:: Instructions for the task ::
Please repeat the data exactly. Any picture in it stays out.

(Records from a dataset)
==========

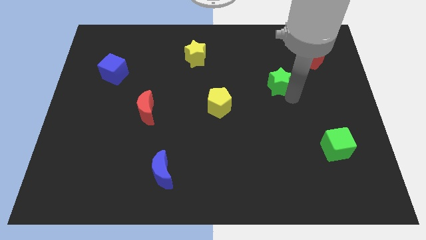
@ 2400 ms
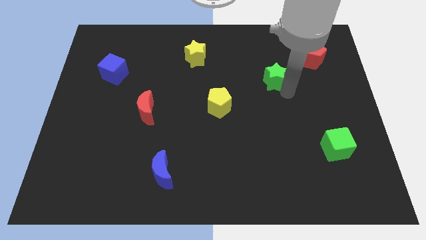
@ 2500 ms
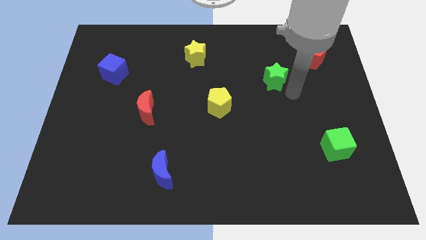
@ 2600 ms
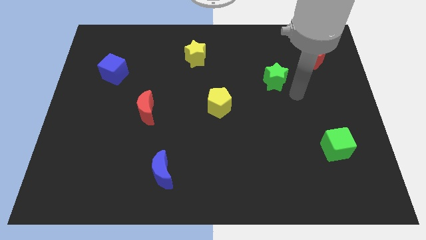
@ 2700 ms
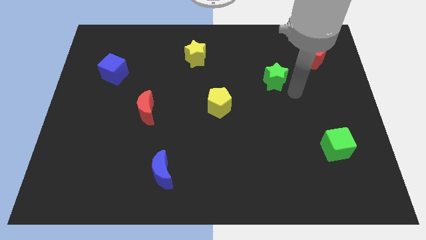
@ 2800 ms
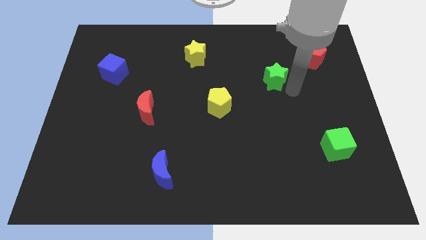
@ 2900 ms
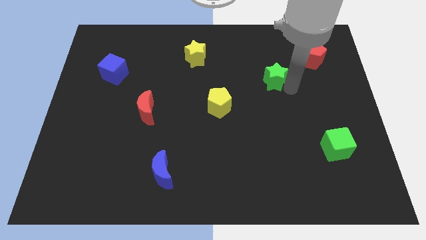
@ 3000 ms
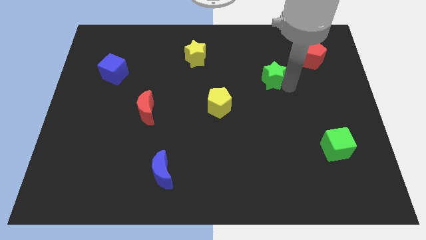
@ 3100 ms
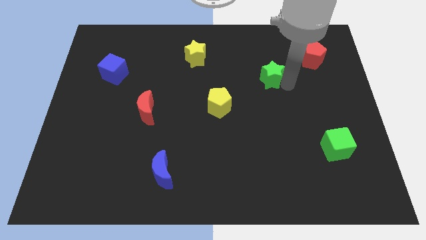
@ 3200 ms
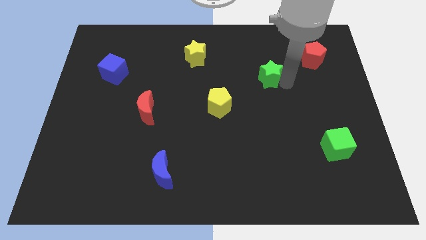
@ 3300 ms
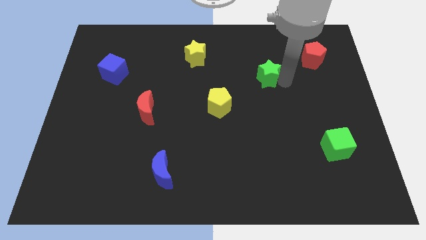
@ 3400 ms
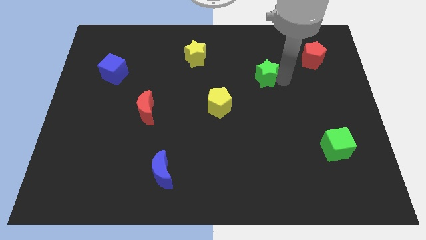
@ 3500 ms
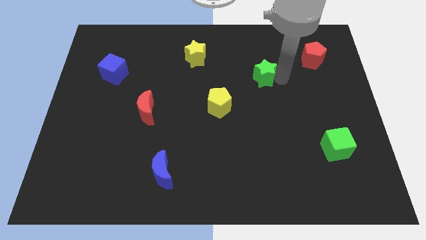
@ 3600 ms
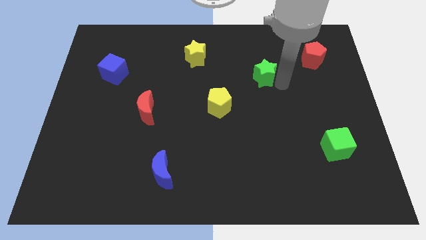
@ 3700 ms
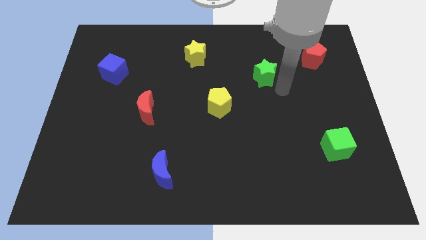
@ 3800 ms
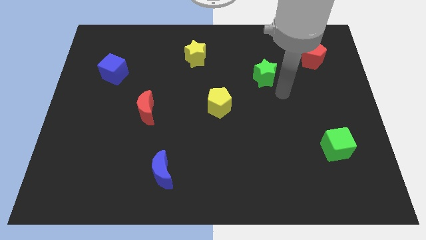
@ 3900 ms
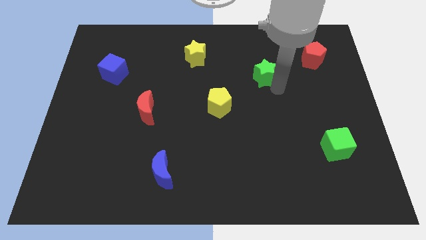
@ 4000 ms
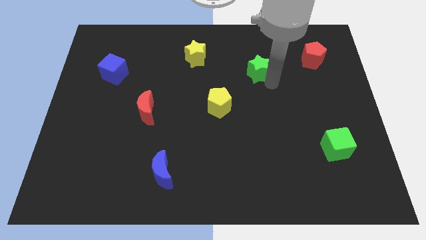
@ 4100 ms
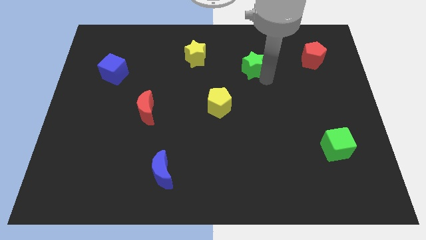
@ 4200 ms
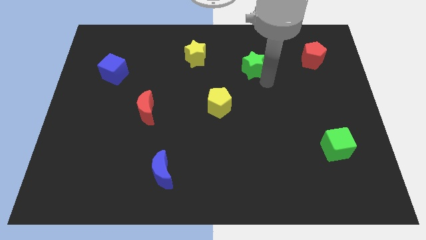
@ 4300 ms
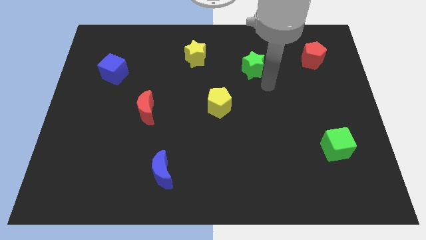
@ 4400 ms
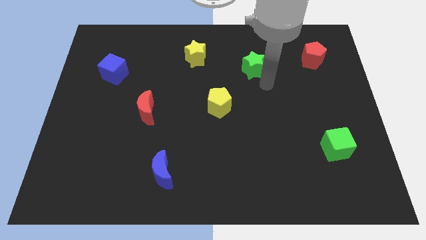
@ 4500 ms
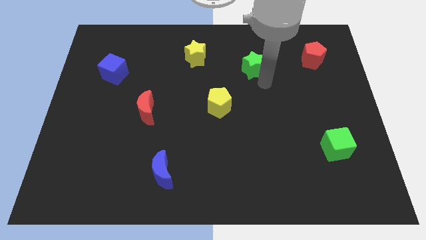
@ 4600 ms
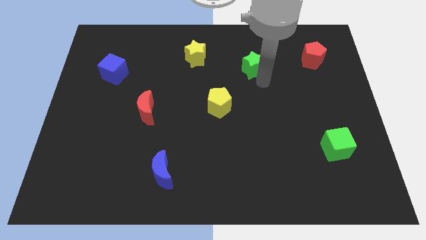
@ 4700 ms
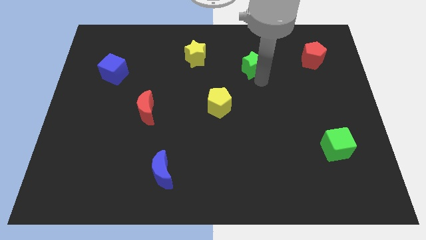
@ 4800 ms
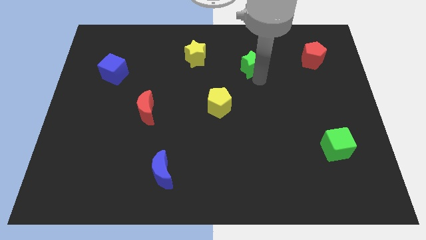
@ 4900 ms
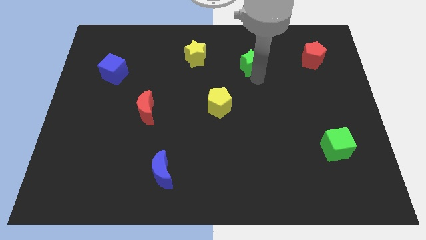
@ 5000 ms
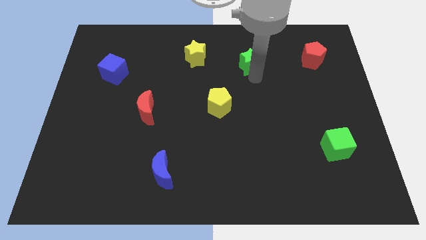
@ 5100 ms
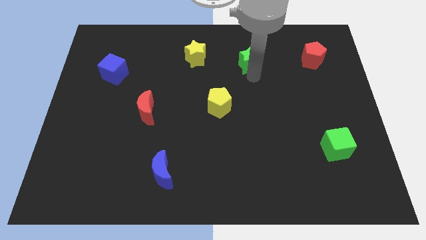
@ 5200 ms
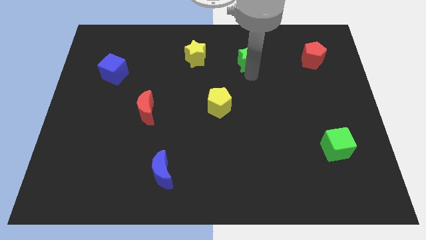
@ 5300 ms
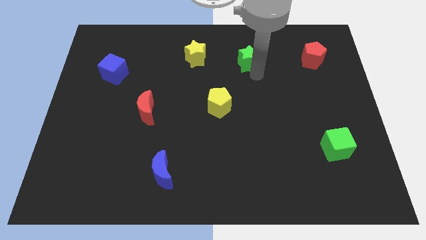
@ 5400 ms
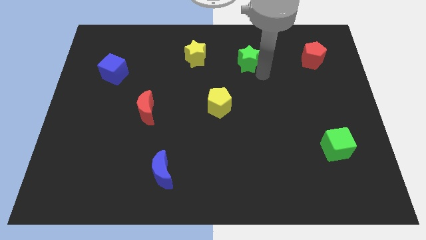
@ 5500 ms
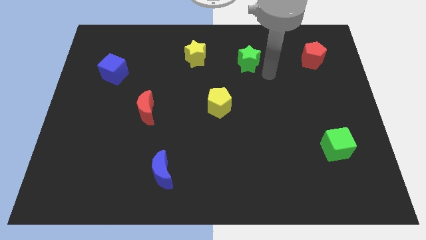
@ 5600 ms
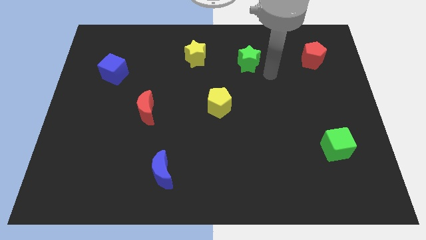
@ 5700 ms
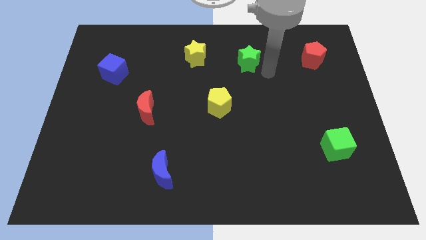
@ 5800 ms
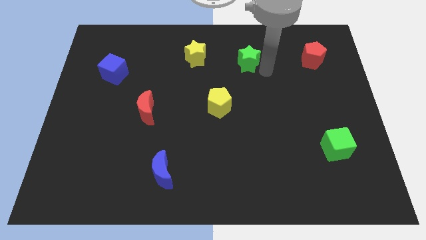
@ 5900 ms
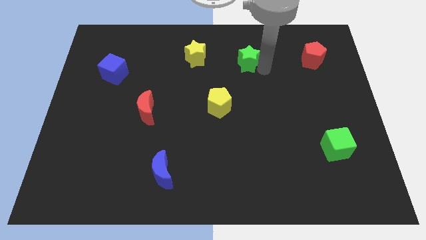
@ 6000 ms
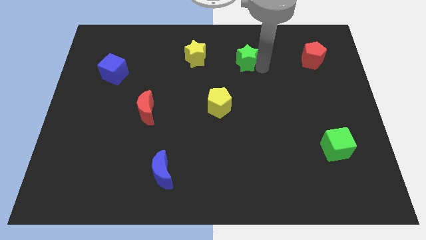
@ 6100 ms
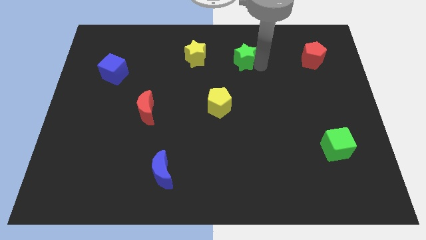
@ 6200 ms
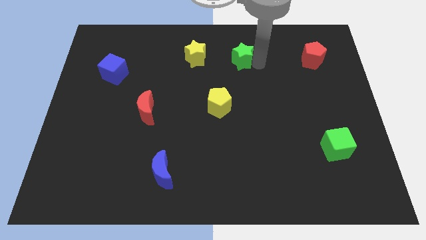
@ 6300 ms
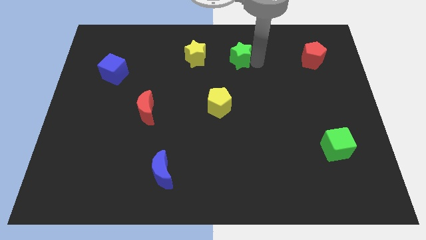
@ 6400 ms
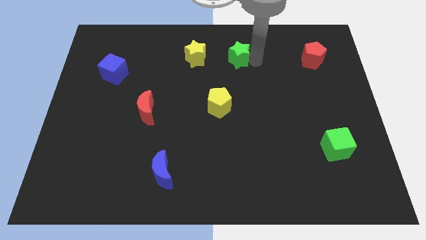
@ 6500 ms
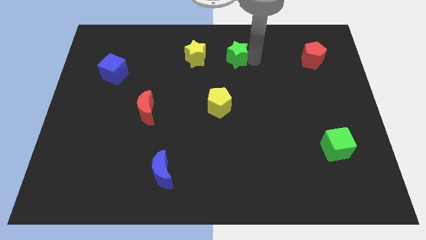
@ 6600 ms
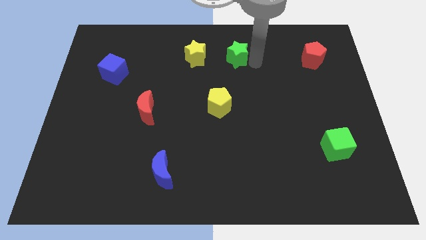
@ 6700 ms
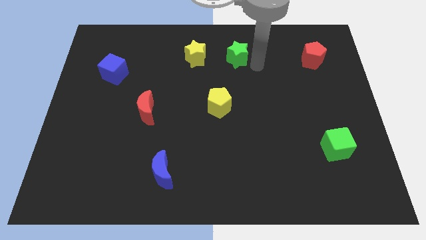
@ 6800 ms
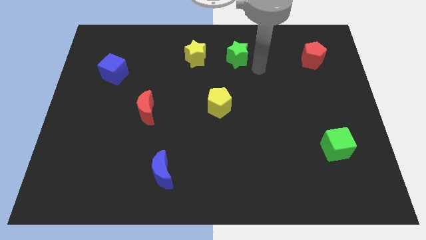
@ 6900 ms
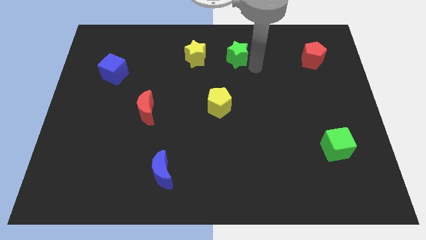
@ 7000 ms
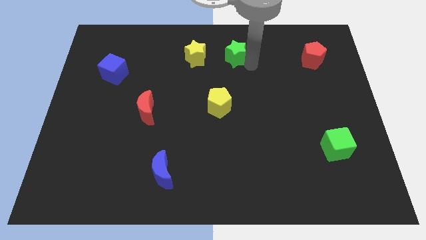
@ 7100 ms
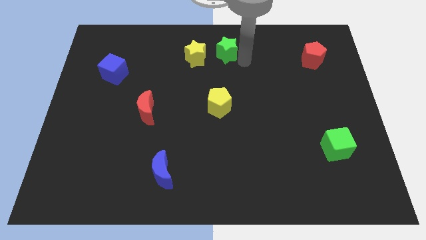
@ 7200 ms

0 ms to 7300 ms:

==========

:: Your response ::
@ 2400 ms
@ 2500 ms
@ 2600 ms
@ 2700 ms
@ 2800 ms
@ 2900 ms
@ 3000 ms
@ 3100 ms
@ 3200 ms
@ 3300 ms
@ 3400 ms
@ 3500 ms
@ 3600 ms
@ 3700 ms
@ 3800 ms
@ 3900 ms
@ 4000 ms
@ 4100 ms
@ 4200 ms
@ 4300 ms
@ 4400 ms
@ 4500 ms
@ 4600 ms
@ 4700 ms
@ 4800 ms
@ 4900 ms
@ 5000 ms
@ 5100 ms
@ 5200 ms
@ 5300 ms
@ 5400 ms
@ 5500 ms
@ 5600 ms
@ 5700 ms
@ 5800 ms
@ 5900 ms
@ 6000 ms
@ 6100 ms
@ 6200 ms
@ 6300 ms
@ 6400 ms
@ 6500 ms
@ 6600 ms
@ 6700 ms
@ 6800 ms
@ 6900 ms
@ 7000 ms
@ 7100 ms
@ 7200 ms

0 ms to 7300 ms:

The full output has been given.